Extracted records:
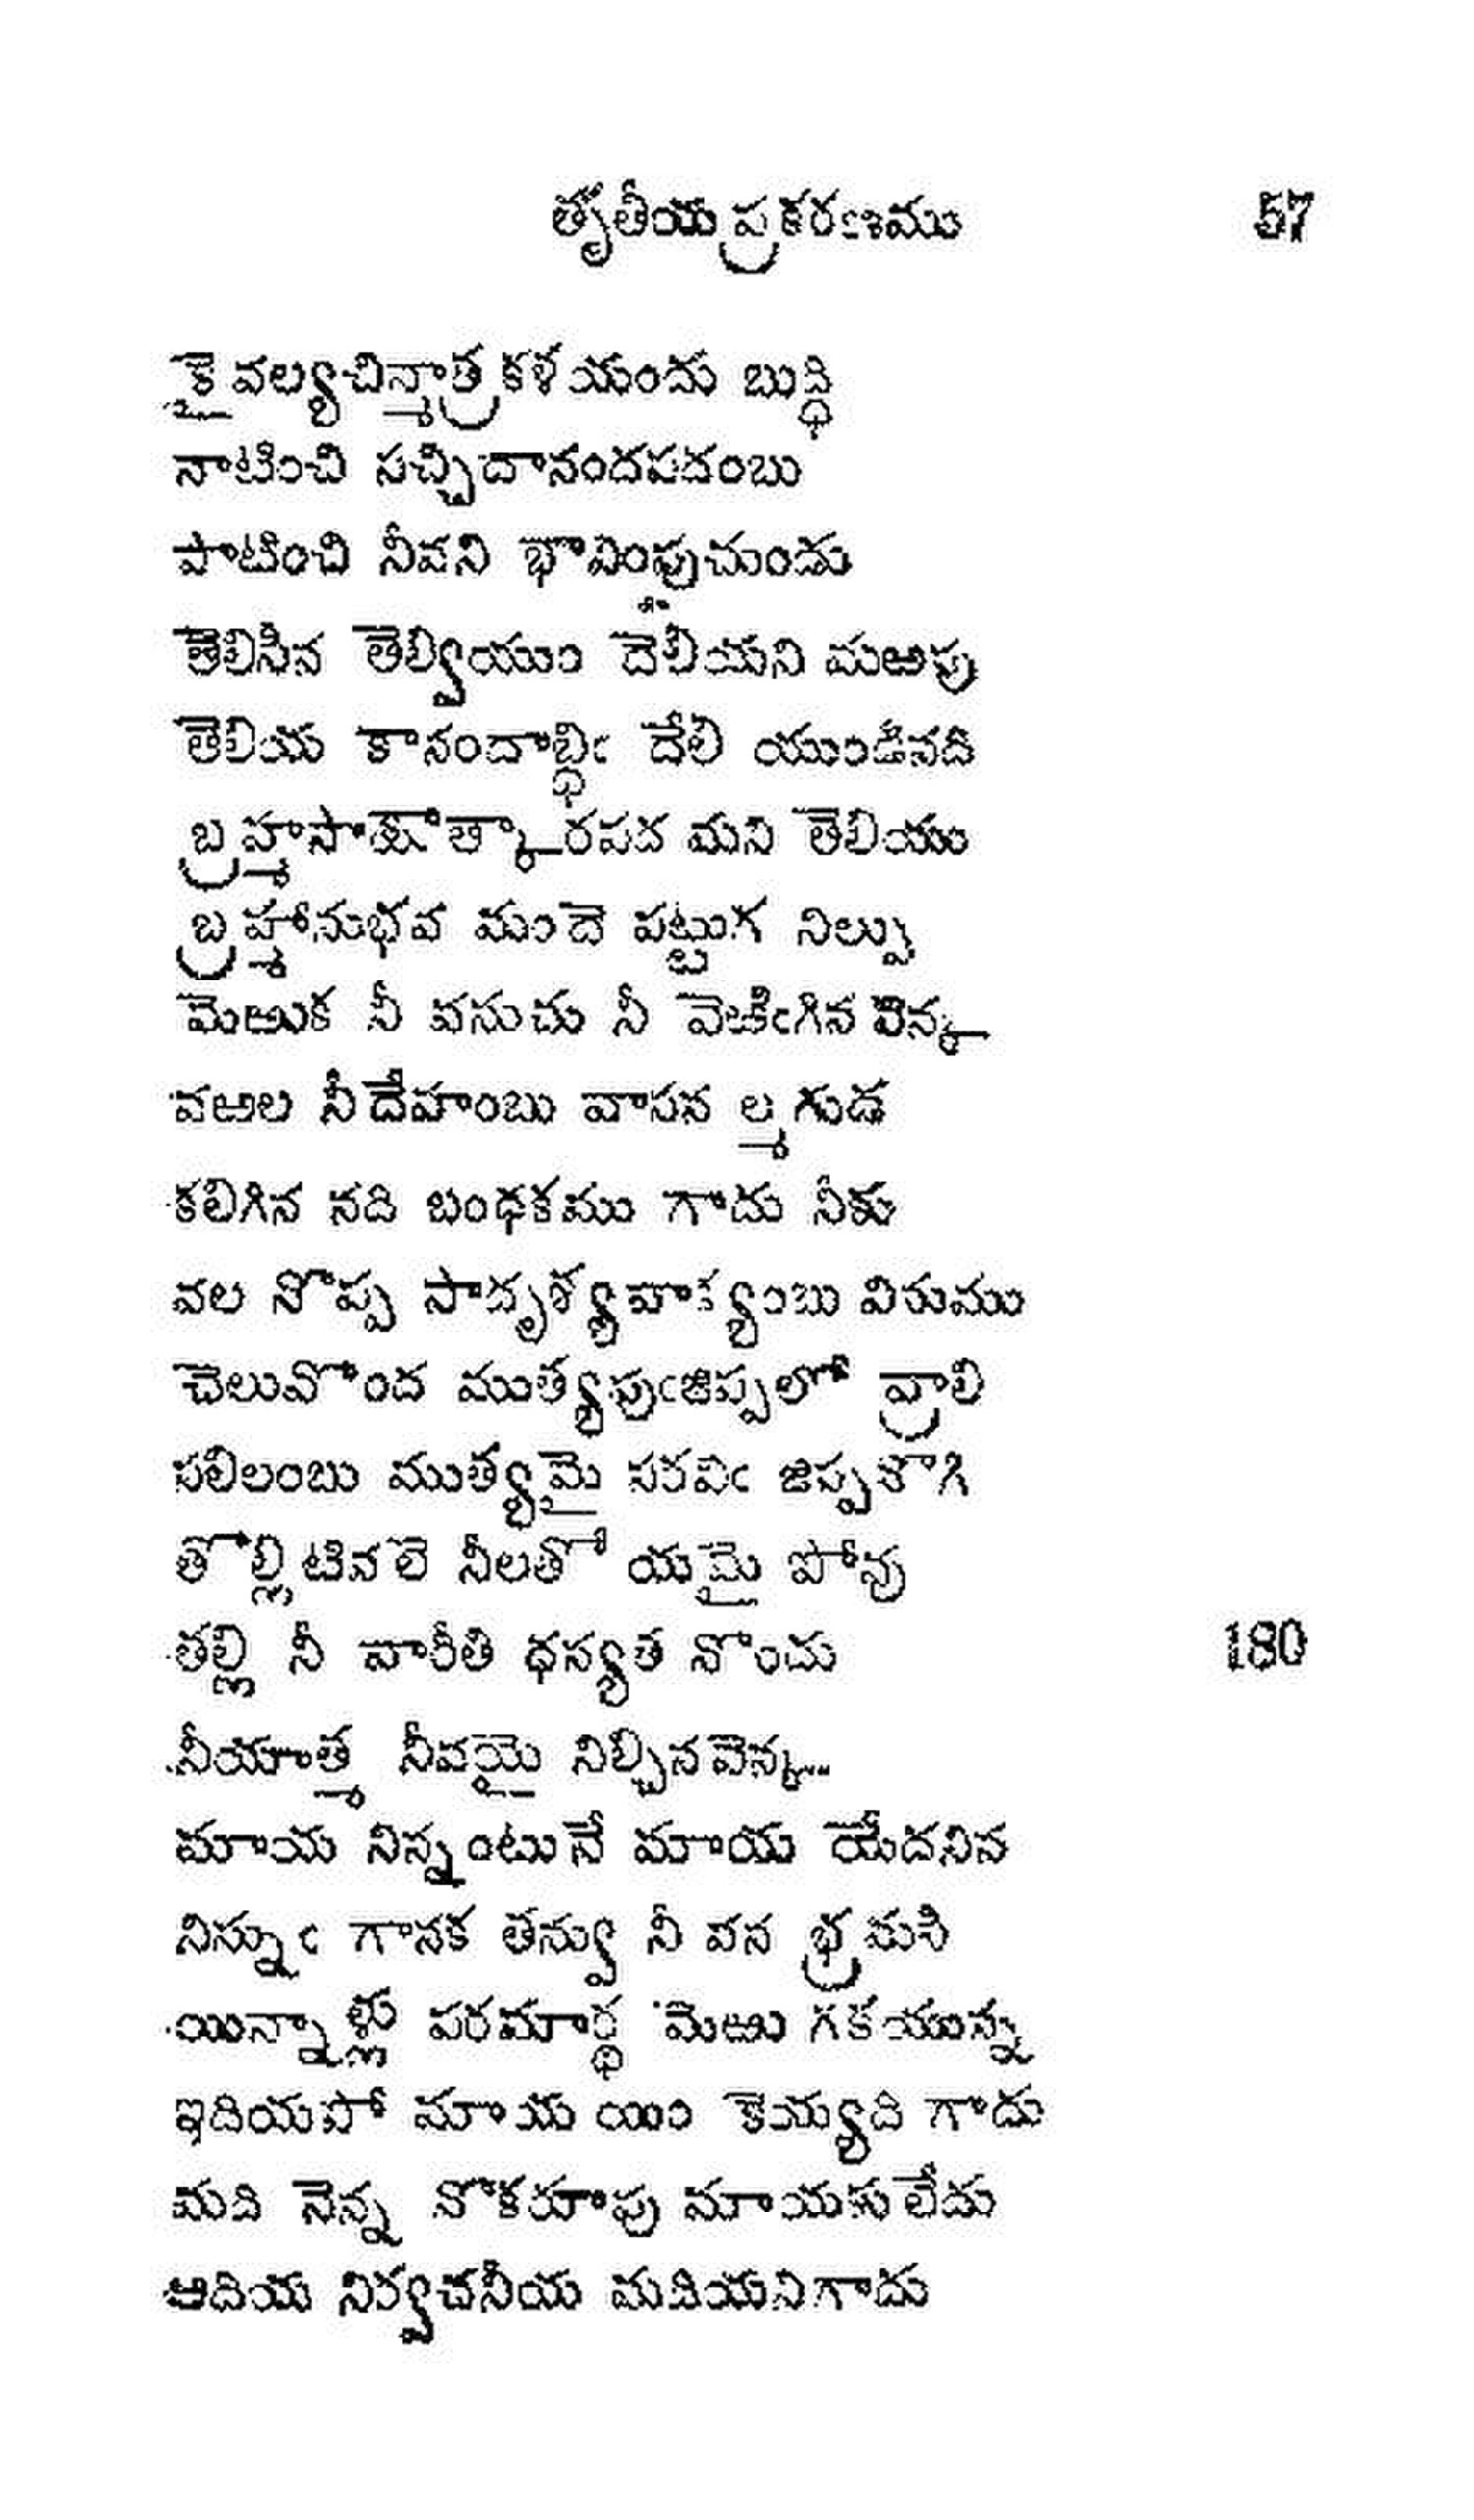కైవల్యచిన్మాత్రకళయందు బుద్ధి
నాటించి సచ్చిదానందపదంబు
పాటించి నీవని భావింపుచుండు
తెలిసిన తెల్వియుం దెలియని మఱపు
తెలియ కానందాబ్ధిఁ దేలి యుండినది
బ్రహ్మసాక్షాత్కారపద మని తెలియు
బ్రహ్మానుభవ మందె పట్టుగ నిల్పు
మెఱుక నీ వనుచు నీ వెఱిఁగిన వెన్క
వఱల నీ దేహంబు వాసన ల్మగుడ
కలిగిన నది బంధకము గాదు నీకు
వల నొప్ప సాదృశ్యవాక్యంబు వినుము
చెలువొంద ముత్యపుఁజిప్పలో వ్రాలి
సలిలంబు ముత్యమై సరవిఁ జిప్పనొగి
తొల్లిటివలె నీలతోయమై పోవు
తల్లి నీ వారీతి ధన్యత నొందు 
నీయాత్మ నీవయై నిల్చినవెన్క 
మాయ నిన్నంటునే మాయ యేదనిన
నిస్నుఁ గానక తన్వు నీ వన భ్రమసి
యిన్నాళ్లు పరమార్థ మెఱుగకయున్న
ఇదియపో మాయ యిం కెయ్యది గాదు
మది నెన్న నొకరూపు మాయకు లేదు 
అదియ నిర్వచనీయ మదియని గాదు

Description of the task: Reproduce the line that contains "నీయాత్మ నీవయై నిల్చినవెన్క" and each line after it through the last line of the entries above, exactly; leave out all earlier lines.

Written response:
నీయాత్మ నీవయై నిల్చినవెన్క 
మాయ నిన్నంటునే మాయ యేదనిన
నిస్నుఁ గానక తన్వు నీ వన భ్రమసి
యిన్నాళ్లు పరమార్థ మెఱుగకయున్న
ఇదియపో మాయ యిం కెయ్యది గాదు
మది నెన్న నొకరూపు మాయకు లేదు 
అదియ నిర్వచనీయ మదియని గాదు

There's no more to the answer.